===== Source material =====

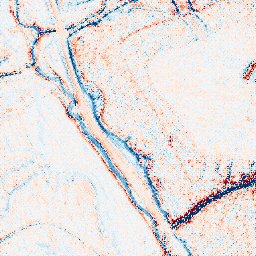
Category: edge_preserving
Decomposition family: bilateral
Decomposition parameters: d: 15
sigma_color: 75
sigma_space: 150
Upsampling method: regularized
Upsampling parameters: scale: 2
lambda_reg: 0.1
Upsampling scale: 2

=====
===== Source material =====

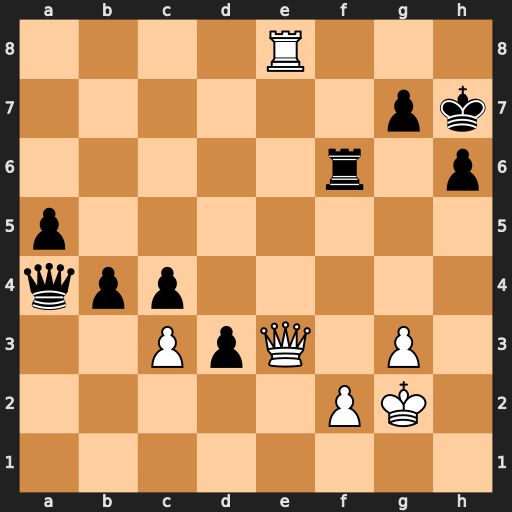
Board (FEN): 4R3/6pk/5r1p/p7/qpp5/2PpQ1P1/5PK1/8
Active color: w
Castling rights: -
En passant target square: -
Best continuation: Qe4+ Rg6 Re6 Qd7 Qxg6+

=====

Please reproduce the lines from the line with "Board (FEN): 4R3/6pk/5r1p/p7/qpp5/2PpQ1P1/5PK1/8" to the line with "Best continuation: Qe4+ Rg6 Re6 Qd7 Qxg6+", both ends included, exactly as they appear above.

» Written solution:
Board (FEN): 4R3/6pk/5r1p/p7/qpp5/2PpQ1P1/5PK1/8
Active color: w
Castling rights: -
En passant target square: -
Best continuation: Qe4+ Rg6 Re6 Qd7 Qxg6+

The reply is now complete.